● TO DO: Starting at the first line and ending at the last, output the data exactly.

--- START ---

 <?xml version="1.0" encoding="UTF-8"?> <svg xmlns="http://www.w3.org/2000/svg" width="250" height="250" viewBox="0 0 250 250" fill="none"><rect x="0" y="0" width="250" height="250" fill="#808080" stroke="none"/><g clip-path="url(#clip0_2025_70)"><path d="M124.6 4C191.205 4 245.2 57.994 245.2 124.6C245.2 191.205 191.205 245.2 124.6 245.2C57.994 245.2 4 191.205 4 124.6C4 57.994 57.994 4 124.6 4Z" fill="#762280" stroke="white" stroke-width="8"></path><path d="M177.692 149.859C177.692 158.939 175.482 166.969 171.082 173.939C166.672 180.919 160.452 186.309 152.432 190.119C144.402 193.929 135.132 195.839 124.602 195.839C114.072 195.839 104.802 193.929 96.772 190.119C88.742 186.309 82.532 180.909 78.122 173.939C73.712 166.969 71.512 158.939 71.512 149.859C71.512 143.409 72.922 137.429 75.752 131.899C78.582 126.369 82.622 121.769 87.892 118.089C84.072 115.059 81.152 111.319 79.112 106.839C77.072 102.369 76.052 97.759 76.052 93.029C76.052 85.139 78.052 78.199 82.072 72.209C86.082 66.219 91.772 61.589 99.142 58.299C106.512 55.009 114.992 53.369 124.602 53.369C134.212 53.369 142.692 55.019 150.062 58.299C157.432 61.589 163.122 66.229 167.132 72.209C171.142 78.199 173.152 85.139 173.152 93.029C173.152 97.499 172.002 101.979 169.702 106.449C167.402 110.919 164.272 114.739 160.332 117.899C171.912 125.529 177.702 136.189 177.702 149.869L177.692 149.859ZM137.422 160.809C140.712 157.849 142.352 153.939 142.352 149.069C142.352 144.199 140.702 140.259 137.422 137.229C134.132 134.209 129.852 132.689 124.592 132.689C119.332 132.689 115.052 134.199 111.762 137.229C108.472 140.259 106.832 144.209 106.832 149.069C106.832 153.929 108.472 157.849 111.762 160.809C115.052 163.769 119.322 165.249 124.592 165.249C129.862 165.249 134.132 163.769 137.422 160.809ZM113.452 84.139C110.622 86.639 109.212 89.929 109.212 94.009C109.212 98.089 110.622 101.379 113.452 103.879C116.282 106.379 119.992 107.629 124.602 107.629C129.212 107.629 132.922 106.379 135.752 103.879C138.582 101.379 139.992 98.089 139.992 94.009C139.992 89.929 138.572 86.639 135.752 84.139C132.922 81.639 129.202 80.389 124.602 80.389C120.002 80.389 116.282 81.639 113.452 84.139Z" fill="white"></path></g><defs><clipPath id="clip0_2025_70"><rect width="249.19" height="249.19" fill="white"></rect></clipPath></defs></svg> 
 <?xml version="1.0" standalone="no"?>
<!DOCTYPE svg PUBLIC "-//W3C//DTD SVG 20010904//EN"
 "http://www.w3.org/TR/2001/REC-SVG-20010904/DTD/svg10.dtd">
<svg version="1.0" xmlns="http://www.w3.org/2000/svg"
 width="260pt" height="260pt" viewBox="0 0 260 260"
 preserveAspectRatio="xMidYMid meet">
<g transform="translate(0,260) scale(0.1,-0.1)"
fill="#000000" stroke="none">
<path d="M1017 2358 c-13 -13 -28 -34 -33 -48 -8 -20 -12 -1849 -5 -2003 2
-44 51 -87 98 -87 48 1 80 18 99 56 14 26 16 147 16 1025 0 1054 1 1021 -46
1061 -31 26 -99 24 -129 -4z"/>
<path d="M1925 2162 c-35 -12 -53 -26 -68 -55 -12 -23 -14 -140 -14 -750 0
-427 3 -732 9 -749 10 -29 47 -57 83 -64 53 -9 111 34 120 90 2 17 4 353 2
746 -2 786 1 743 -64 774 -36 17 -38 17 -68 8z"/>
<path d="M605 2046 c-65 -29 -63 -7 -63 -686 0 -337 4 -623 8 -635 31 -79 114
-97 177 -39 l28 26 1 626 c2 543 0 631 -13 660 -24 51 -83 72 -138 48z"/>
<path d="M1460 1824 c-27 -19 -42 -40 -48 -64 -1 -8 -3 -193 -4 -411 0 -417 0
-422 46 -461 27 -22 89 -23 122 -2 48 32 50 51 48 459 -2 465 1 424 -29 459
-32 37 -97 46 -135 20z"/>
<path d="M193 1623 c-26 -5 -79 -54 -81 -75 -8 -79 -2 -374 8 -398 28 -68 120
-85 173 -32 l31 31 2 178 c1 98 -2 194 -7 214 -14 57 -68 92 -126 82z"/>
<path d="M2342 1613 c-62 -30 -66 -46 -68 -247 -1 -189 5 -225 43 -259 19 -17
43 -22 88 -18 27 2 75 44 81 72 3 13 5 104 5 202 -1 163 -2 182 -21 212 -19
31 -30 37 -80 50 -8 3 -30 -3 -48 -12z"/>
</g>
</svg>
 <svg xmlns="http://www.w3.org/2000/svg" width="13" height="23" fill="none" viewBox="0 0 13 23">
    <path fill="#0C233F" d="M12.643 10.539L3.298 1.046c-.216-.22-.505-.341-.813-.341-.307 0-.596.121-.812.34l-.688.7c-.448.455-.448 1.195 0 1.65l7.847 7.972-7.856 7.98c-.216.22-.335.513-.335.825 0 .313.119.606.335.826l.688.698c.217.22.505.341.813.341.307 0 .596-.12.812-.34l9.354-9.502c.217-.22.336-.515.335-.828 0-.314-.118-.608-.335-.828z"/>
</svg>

--- END ---

● PROBLEM SOLUTION:
 <?xml version="1.0" encoding="UTF-8"?> <svg xmlns="http://www.w3.org/2000/svg" width="250" height="250" viewBox="0 0 250 250" fill="none"><rect x="0" y="0" width="250" height="250" fill="#808080" stroke="none"/><g clip-path="url(#clip0_2025_70)"><path d="M124.6 4C191.205 4 245.2 57.994 245.2 124.6C245.2 191.205 191.205 245.2 124.6 245.2C57.994 245.2 4 191.205 4 124.6C4 57.994 57.994 4 124.6 4Z" fill="#762280" stroke="white" stroke-width="8"></path><path d="M177.692 149.859C177.692 158.939 175.482 166.969 171.082 173.939C166.672 180.919 160.452 186.309 152.432 190.119C144.402 193.929 135.132 195.839 124.602 195.839C114.072 195.839 104.802 193.929 96.772 190.119C88.742 186.309 82.532 180.909 78.122 173.939C73.712 166.969 71.512 158.939 71.512 149.859C71.512 143.409 72.922 137.429 75.752 131.899C78.582 126.369 82.622 121.769 87.892 118.089C84.072 115.059 81.152 111.319 79.112 106.839C77.072 102.369 76.052 97.759 76.052 93.029C76.052 85.139 78.052 78.199 82.072 72.209C86.082 66.219 91.772 61.589 99.142 58.299C106.512 55.009 114.992 53.369 124.602 53.369C134.212 53.369 142.692 55.019 150.062 58.299C157.432 61.589 163.122 66.229 167.132 72.209C171.142 78.199 173.152 85.139 173.152 93.029C173.152 97.499 172.002 101.979 169.702 106.449C167.402 110.919 164.272 114.739 160.332 117.899C171.912 125.529 177.702 136.189 177.702 149.869L177.692 149.859ZM137.422 160.809C140.712 157.849 142.352 153.939 142.352 149.069C142.352 144.199 140.702 140.259 137.422 137.229C134.132 134.209 129.852 132.689 124.592 132.689C119.332 132.689 115.052 134.199 111.762 137.229C108.472 140.259 106.832 144.209 106.832 149.069C106.832 153.929 108.472 157.849 111.762 160.809C115.052 163.769 119.322 165.249 124.592 165.249C129.862 165.249 134.132 163.769 137.422 160.809ZM113.452 84.139C110.622 86.639 109.212 89.929 109.212 94.009C109.212 98.089 110.622 101.379 113.452 103.879C116.282 106.379 119.992 107.629 124.602 107.629C129.212 107.629 132.922 106.379 135.752 103.879C138.582 101.379 139.992 98.089 139.992 94.009C139.992 89.929 138.572 86.639 135.752 84.139C132.922 81.639 129.202 80.389 124.602 80.389C120.002 80.389 116.282 81.639 113.452 84.139Z" fill="white"></path></g><defs><clipPath id="clip0_2025_70"><rect width="249.19" height="249.19" fill="white"></rect></clipPath></defs></svg> 
 <?xml version="1.0" standalone="no"?>
<!DOCTYPE svg PUBLIC "-//W3C//DTD SVG 20010904//EN"
 "http://www.w3.org/TR/2001/REC-SVG-20010904/DTD/svg10.dtd">
<svg version="1.0" xmlns="http://www.w3.org/2000/svg"
 width="260pt" height="260pt" viewBox="0 0 260 260"
 preserveAspectRatio="xMidYMid meet">
<g transform="translate(0,260) scale(0.1,-0.1)"
fill="#000000" stroke="none">
<path d="M1017 2358 c-13 -13 -28 -34 -33 -48 -8 -20 -12 -1849 -5 -2003 2
-44 51 -87 98 -87 48 1 80 18 99 56 14 26 16 147 16 1025 0 1054 1 1021 -46
1061 -31 26 -99 24 -129 -4z"/>
<path d="M1925 2162 c-35 -12 -53 -26 -68 -55 -12 -23 -14 -140 -14 -750 0
-427 3 -732 9 -749 10 -29 47 -57 83 -64 53 -9 111 34 120 90 2 17 4 353 2
746 -2 786 1 743 -64 774 -36 17 -38 17 -68 8z"/>
<path d="M605 2046 c-65 -29 -63 -7 -63 -686 0 -337 4 -623 8 -635 31 -79 114
-97 177 -39 l28 26 1 626 c2 543 0 631 -13 660 -24 51 -83 72 -138 48z"/>
<path d="M1460 1824 c-27 -19 -42 -40 -48 -64 -1 -8 -3 -193 -4 -411 0 -417 0
-422 46 -461 27 -22 89 -23 122 -2 48 32 50 51 48 459 -2 465 1 424 -29 459
-32 37 -97 46 -135 20z"/>
<path d="M193 1623 c-26 -5 -79 -54 -81 -75 -8 -79 -2 -374 8 -398 28 -68 120
-85 173 -32 l31 31 2 178 c1 98 -2 194 -7 214 -14 57 -68 92 -126 82z"/>
<path d="M2342 1613 c-62 -30 -66 -46 -68 -247 -1 -189 5 -225 43 -259 19 -17
43 -22 88 -18 27 2 75 44 81 72 3 13 5 104 5 202 -1 163 -2 182 -21 212 -19
31 -30 37 -80 50 -8 3 -30 -3 -48 -12z"/>
</g>
</svg>
 <svg xmlns="http://www.w3.org/2000/svg" width="13" height="23" fill="none" viewBox="0 0 13 23">
    <path fill="#0C233F" d="M12.643 10.539L3.298 1.046c-.216-.22-.505-.341-.813-.341-.307 0-.596.121-.812.34l-.688.7c-.448.455-.448 1.195 0 1.65l7.847 7.972-7.856 7.98c-.216.22-.335.513-.335.825 0 .313.119.606.335.826l.688.698c.217.22.505.341.813.341.307 0 .596-.12.812-.34l9.354-9.502c.217-.22.336-.515.335-.828 0-.314-.118-.608-.335-.828z"/>
</svg>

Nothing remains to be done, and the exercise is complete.